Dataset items
_ _ _ _ _
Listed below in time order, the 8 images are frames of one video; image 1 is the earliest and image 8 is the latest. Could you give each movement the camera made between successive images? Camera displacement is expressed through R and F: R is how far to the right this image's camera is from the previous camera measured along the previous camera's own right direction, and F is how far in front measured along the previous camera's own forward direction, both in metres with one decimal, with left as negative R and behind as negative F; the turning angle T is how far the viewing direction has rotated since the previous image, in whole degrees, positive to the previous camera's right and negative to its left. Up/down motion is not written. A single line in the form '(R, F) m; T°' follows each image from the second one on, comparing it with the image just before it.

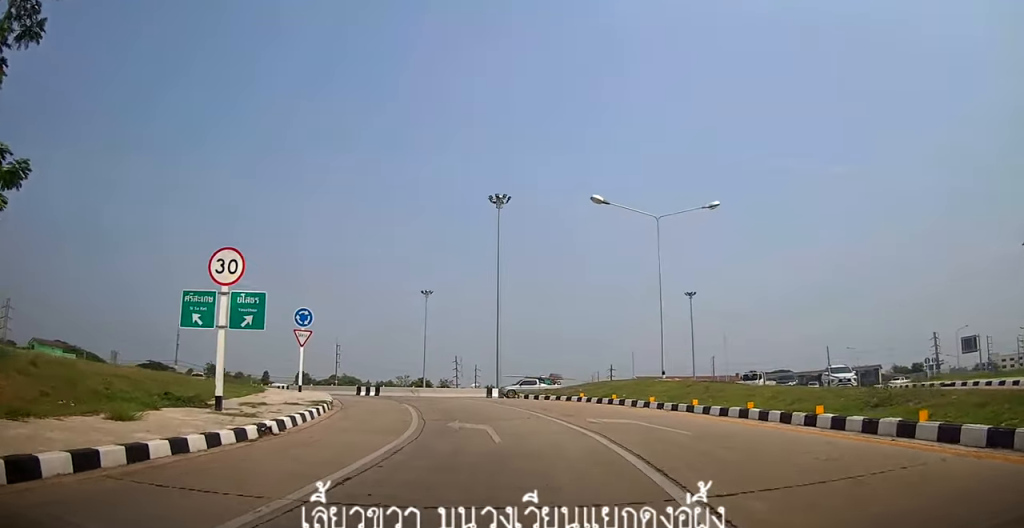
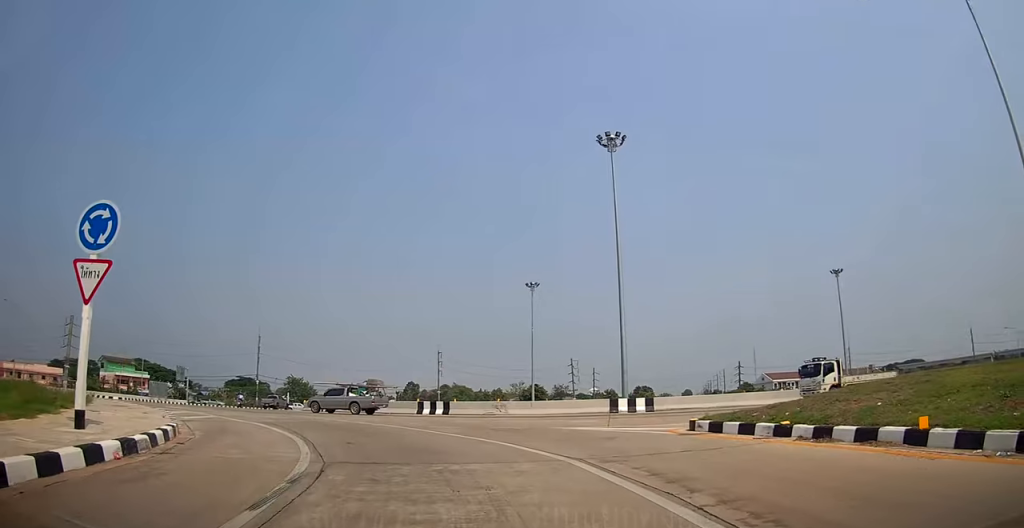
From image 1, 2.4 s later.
(-0.6, +22.8) m; -5°
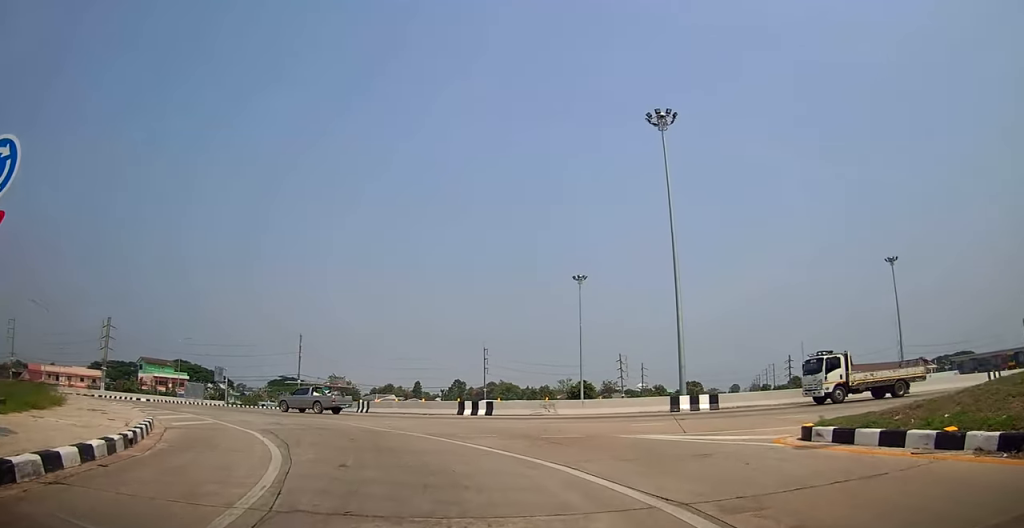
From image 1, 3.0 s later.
(-0.1, +4.6) m; -5°
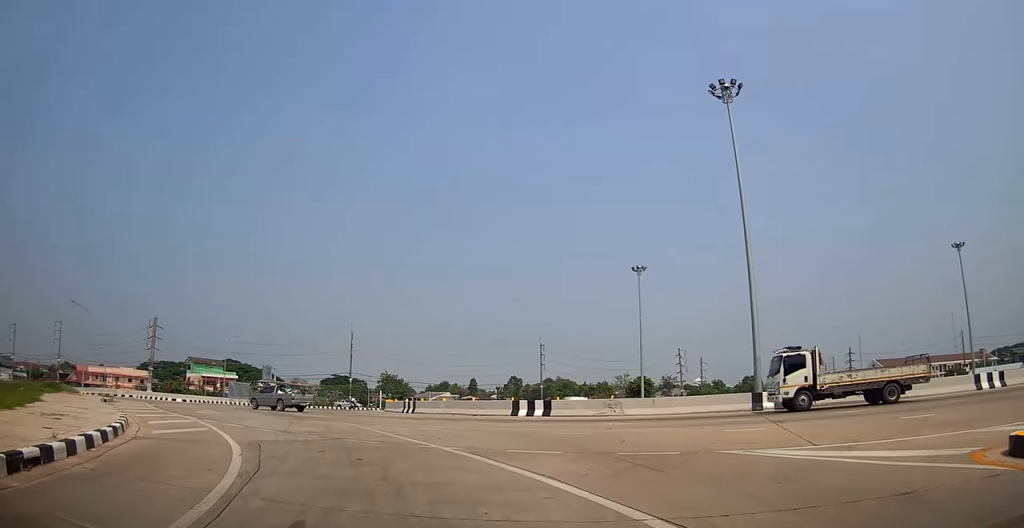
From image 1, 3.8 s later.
(-0.5, +5.2) m; -6°
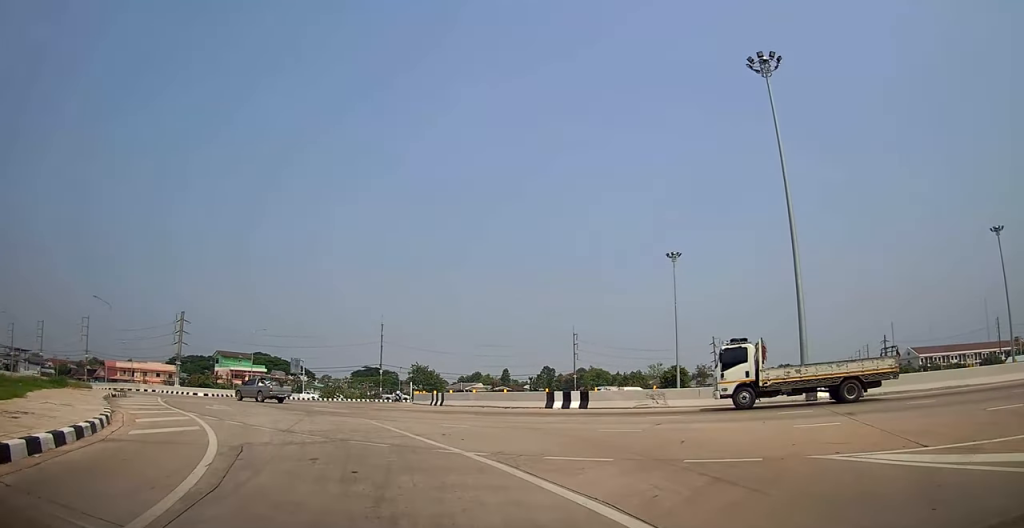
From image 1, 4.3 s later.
(-0.1, +3.3) m; -4°
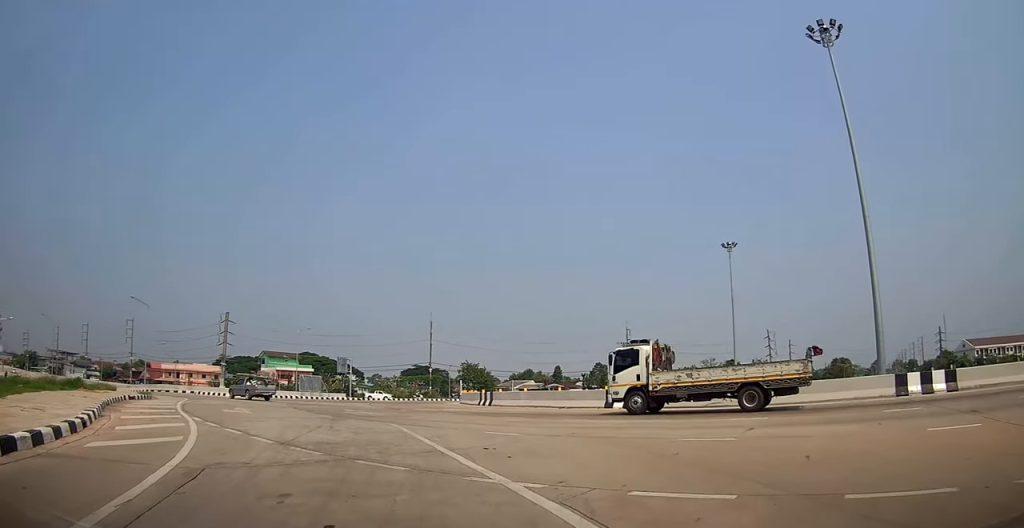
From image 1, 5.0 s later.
(-0.1, +4.1) m; -6°
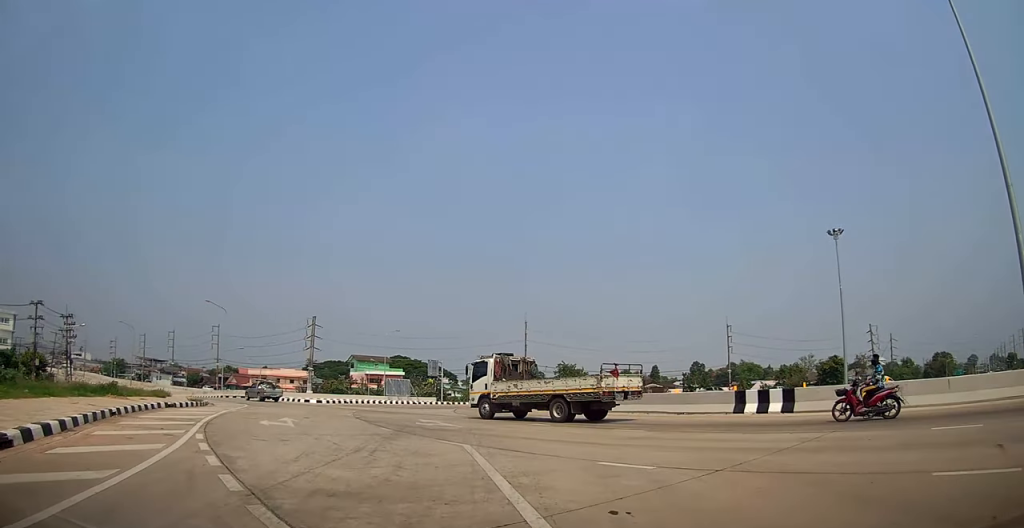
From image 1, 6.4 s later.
(-0.9, +6.3) m; -14°
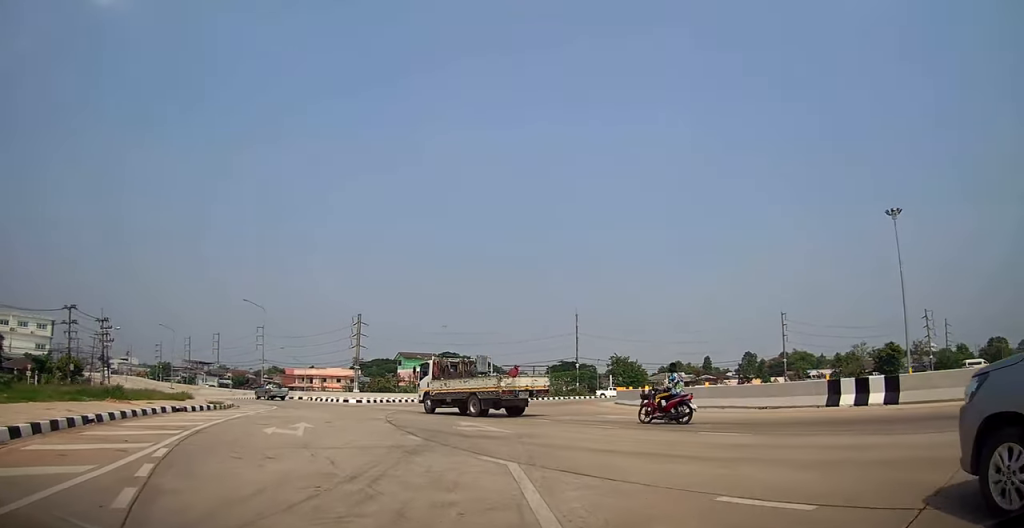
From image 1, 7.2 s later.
(-0.2, +3.7) m; -5°
_ _ _ _ _
To do | Would you set down the entries exactly as given, minus their pictures?

Result of the task |
Listed below in time order, the 8 images are frames of one video; image 1 is the earliest and image 8 is the latest. Could you give each movement the camera made between successive images? Camera displacement is expressed through R and F: R is how far to the right this image's camera is from the previous camera measured along the previous camera's own right direction, and F is how far in front measured along the previous camera's own forward direction, both in metres with one decimal, with left as negative R and behind as negative F; the turning angle T is how far the viewing direction has rotated since the previous image, in whole degrees, positive to the previous camera's right and negative to its left. Up/down motion is not written. A single line in the form '(R, F) m; T°' follows each image from the second one on, comparing it with the image just before it.

From image 1, 2.4 s later.
(-0.6, +22.8) m; -5°
From image 1, 3.0 s later.
(-0.1, +4.6) m; -5°
From image 1, 3.8 s later.
(-0.5, +5.2) m; -6°
From image 1, 4.3 s later.
(-0.1, +3.3) m; -4°
From image 1, 5.0 s later.
(-0.1, +4.1) m; -6°
From image 1, 6.4 s later.
(-0.9, +6.3) m; -14°
From image 1, 7.2 s later.
(-0.2, +3.7) m; -5°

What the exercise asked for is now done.